■ **ACTION ITEM**: Using the data below, show every line where the word "normal" occurs.

INPUT MATERIAL Block Start

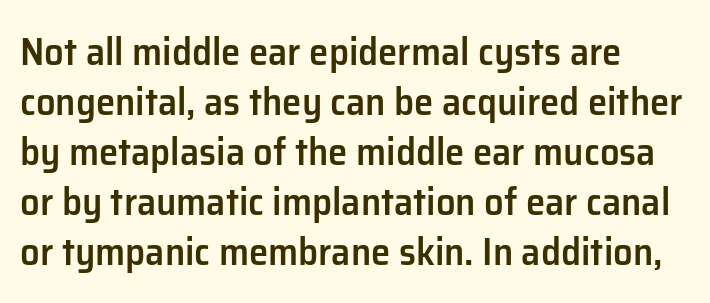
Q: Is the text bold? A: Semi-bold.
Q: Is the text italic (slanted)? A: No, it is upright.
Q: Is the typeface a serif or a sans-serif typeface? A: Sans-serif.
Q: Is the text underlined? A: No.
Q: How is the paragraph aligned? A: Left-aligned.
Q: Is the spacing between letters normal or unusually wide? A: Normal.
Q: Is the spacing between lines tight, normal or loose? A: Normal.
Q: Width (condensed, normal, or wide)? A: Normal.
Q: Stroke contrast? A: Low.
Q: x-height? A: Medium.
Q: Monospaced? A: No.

INPUT MATERIAL Block End

■ **ANSWER TO THIS EXERCISE**:
Q: Is the spacing between letters normal or unusually wide? A: Normal.
Q: Is the spacing between lines tight, normal or loose? A: Normal.
Q: Width (condensed, normal, or wide)? A: Normal.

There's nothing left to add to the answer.